Texas Workforce Commission has plenty of teeth. While we don't have a mini-WARN act like California, if you abuse employees the TWC will "Make You Pay" (I've seen it a lot).
Federal labor laws still exist In Texas (So WARN act notices are still required for someone as large as HPE doing layoffs), and notice has to be filed. Most large companies don't randomly fire people (without extreme cause, like you somehow end up inventing racially charged sexual harassment or something), and instead dump you with a package at the yearly RIF (Which again requires a WARN notice under federal law).
I'll counter this with:
1. Do you want to work somewhere that wants to fire you but is being restrained by state law. That sounds like a terrrrrible place to work.
2. Do you think California companies don't do layoffs? I've seen plenty of people get caught in a RIF.

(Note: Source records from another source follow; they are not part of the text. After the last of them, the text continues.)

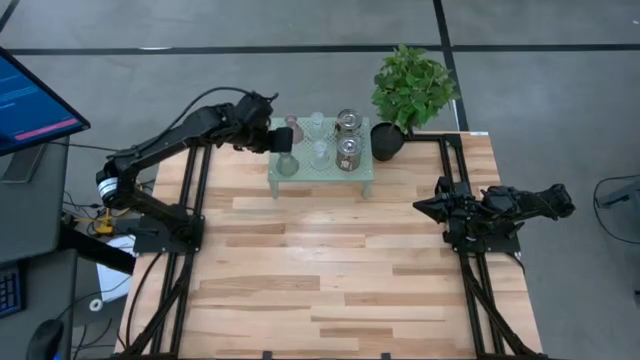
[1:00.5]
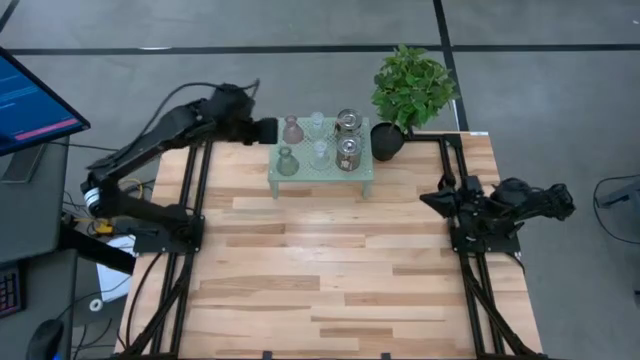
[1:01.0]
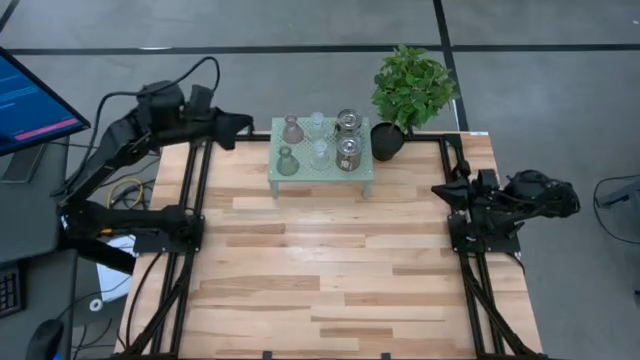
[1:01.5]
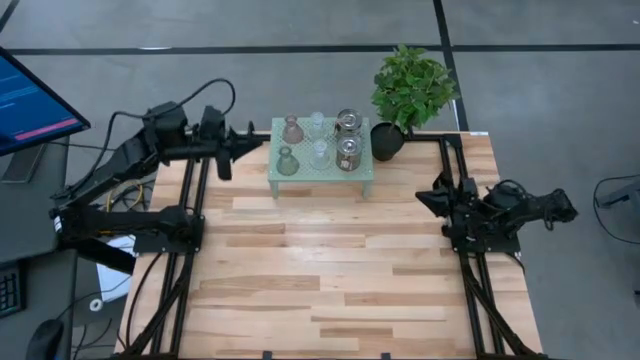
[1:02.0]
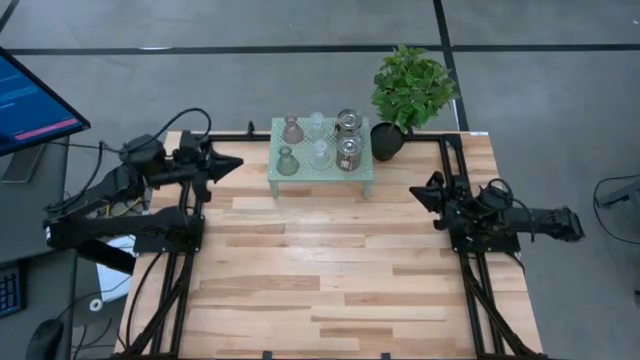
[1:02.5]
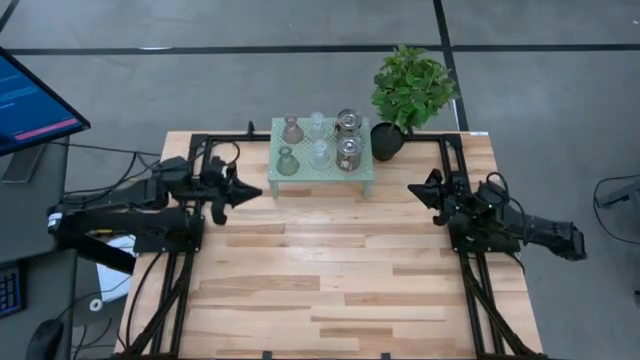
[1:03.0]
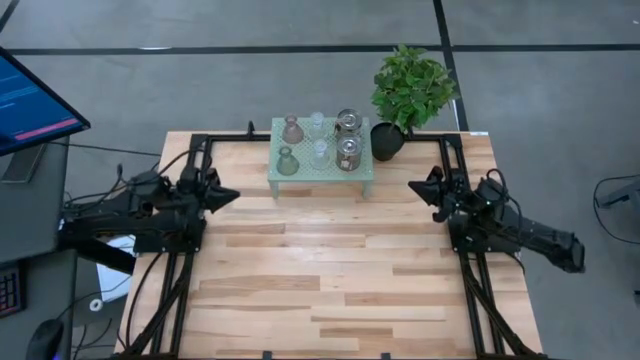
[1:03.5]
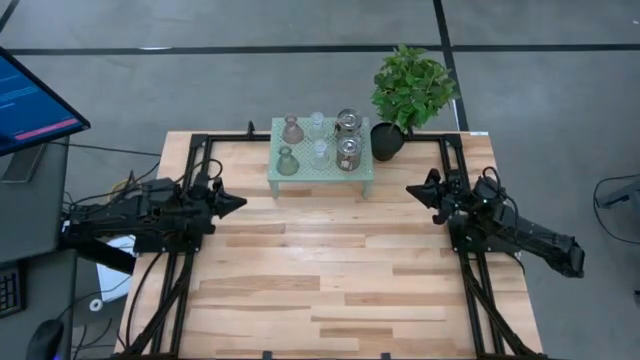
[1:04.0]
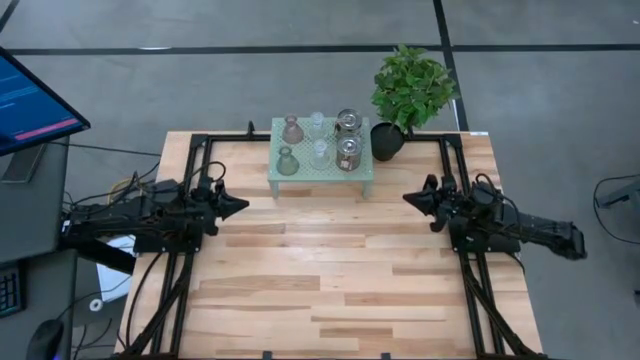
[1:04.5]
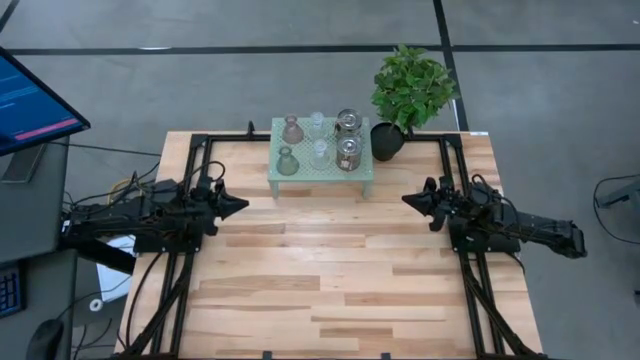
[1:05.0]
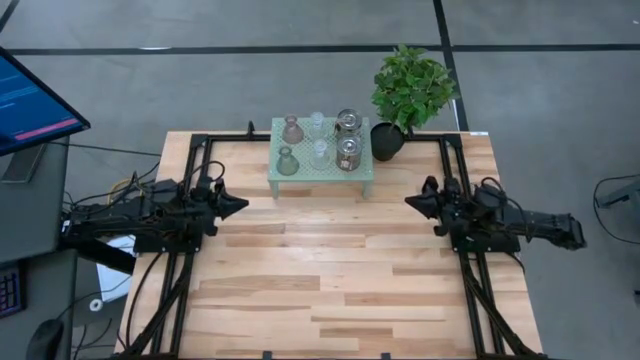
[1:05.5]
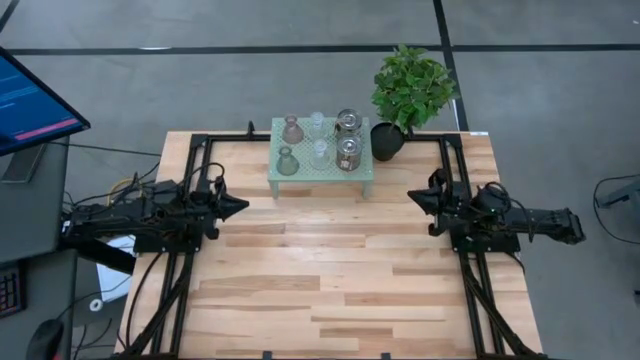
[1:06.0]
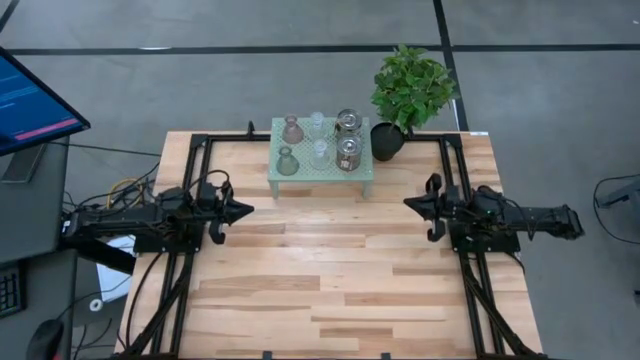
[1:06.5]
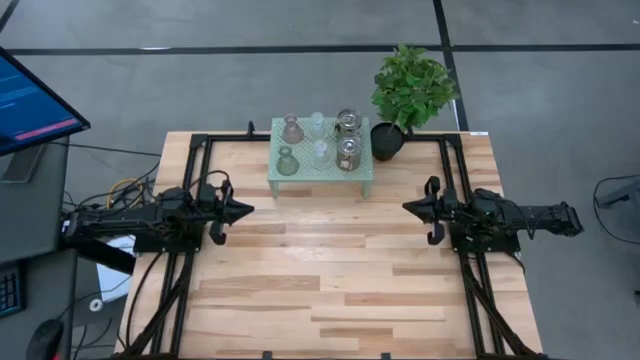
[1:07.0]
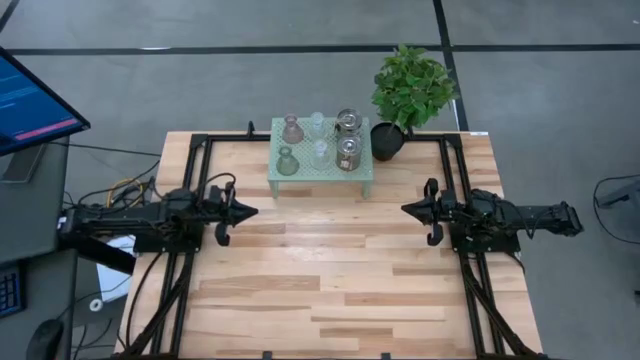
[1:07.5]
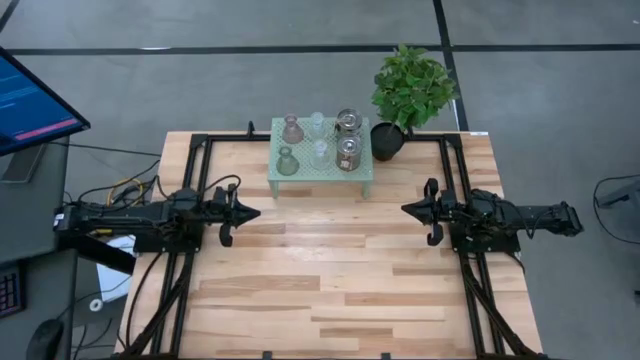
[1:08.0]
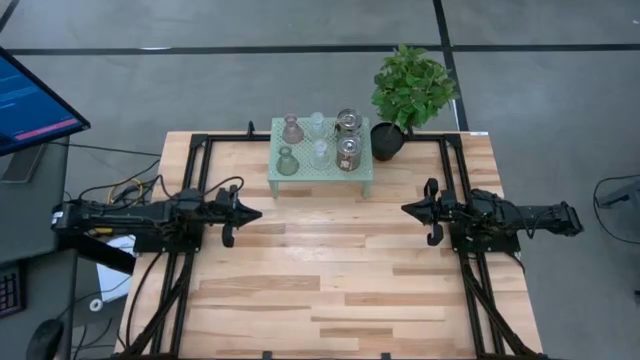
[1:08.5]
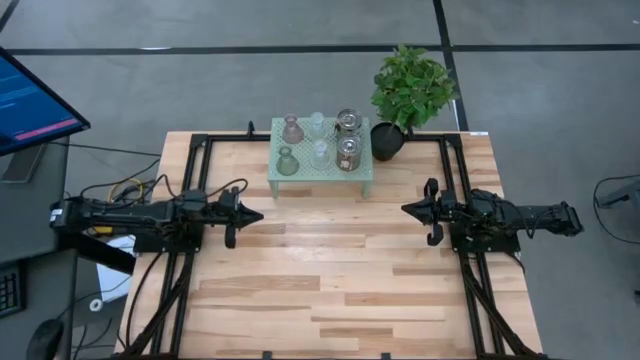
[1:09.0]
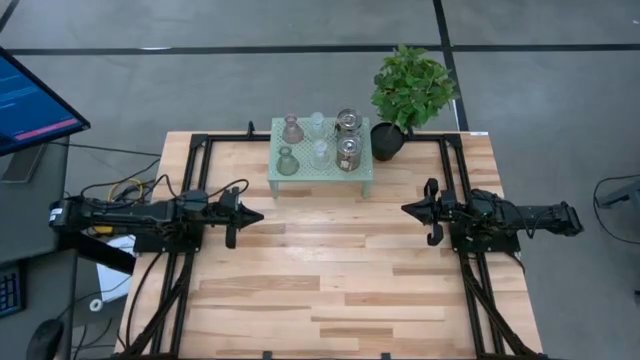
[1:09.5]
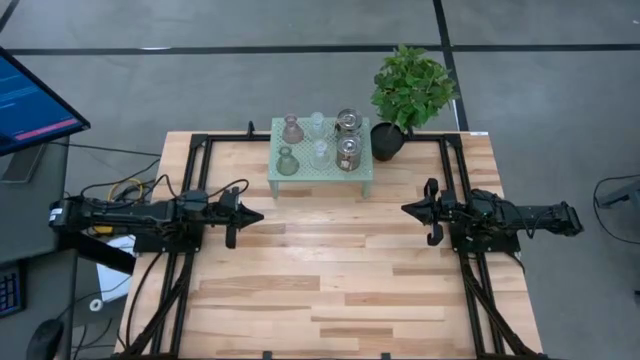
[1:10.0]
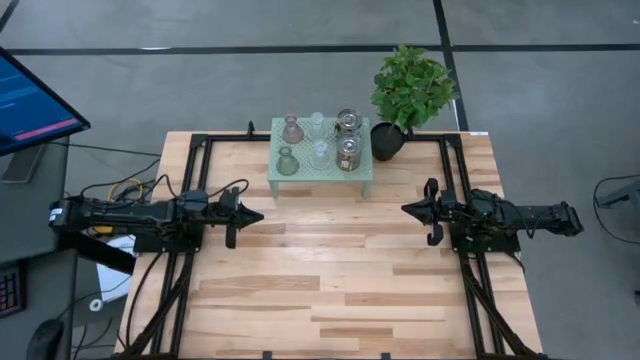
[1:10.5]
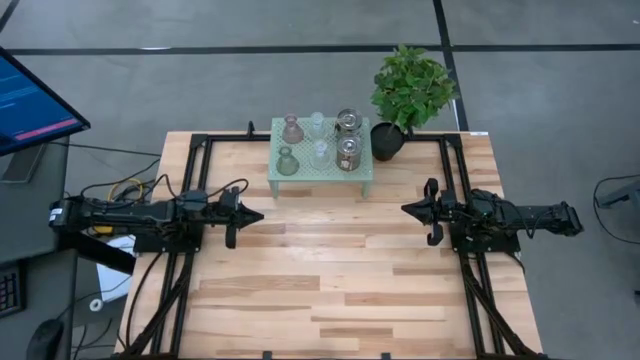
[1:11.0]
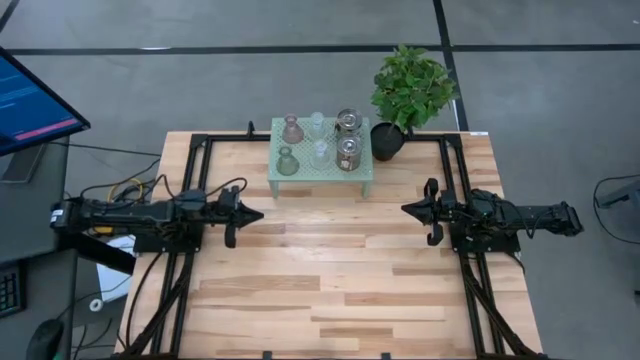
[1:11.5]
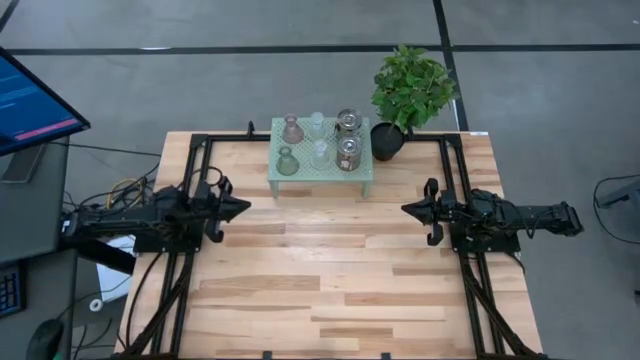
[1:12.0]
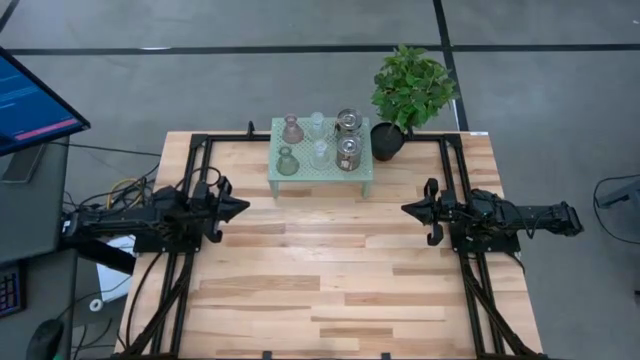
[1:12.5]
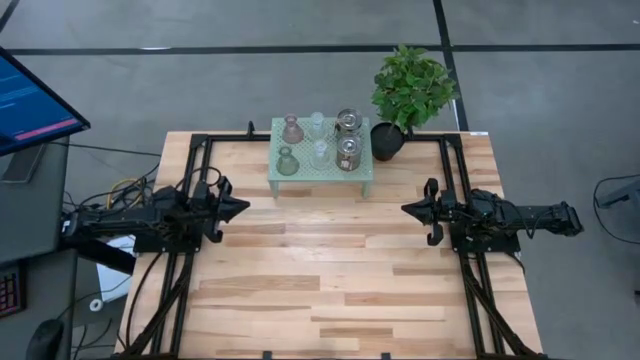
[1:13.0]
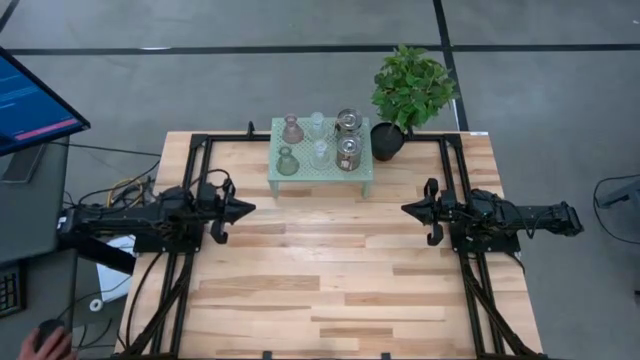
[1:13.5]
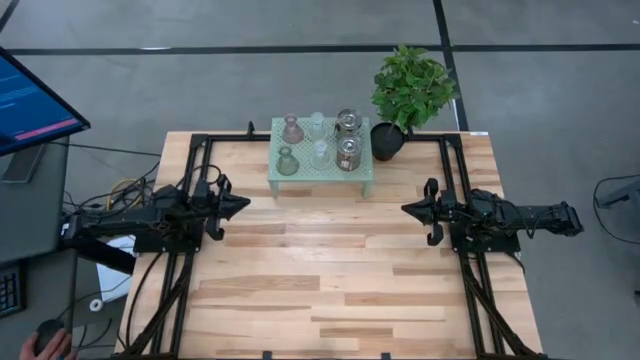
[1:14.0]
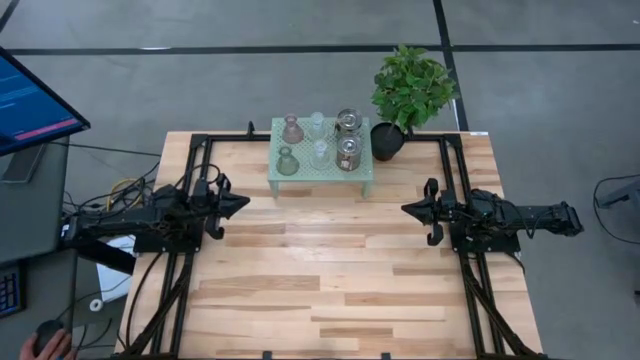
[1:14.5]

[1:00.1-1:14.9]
Task: Pick & Place candle stick holders
Return to Home Position

3. Your Plan B on losing your job should be strong networking, and a short list of future employers always updated, not "NANANANA, YOU CAN"T FIRE ME I HAVE A LAW!".
Horrible place to be... ha. Texas now leads Cal. in all the notorious categories, like Covid cases, deaths, stupidity. Even though Cal. got hit badly looonng before Texas.
After he created the conditions under which 30 deaths per day became 300+ deaths per day, the governor actually relented and permitted local officials to establish local restrictions. Again. After he had earlier outlawed sanity in favor of "personal responsibility".
I don't recognize this country anymore. I do recognize Texas, though. They treat cows very nicely.
My surprise and I think that of many, HPE's headquarters in a year leaves Palo Alto, San Jose and goes to Houston, but what few know is that three years ago the company sold the vast, spectacular and well-located headquarters of EDS (owned by HP) in Houston. Let them explain it to me !!!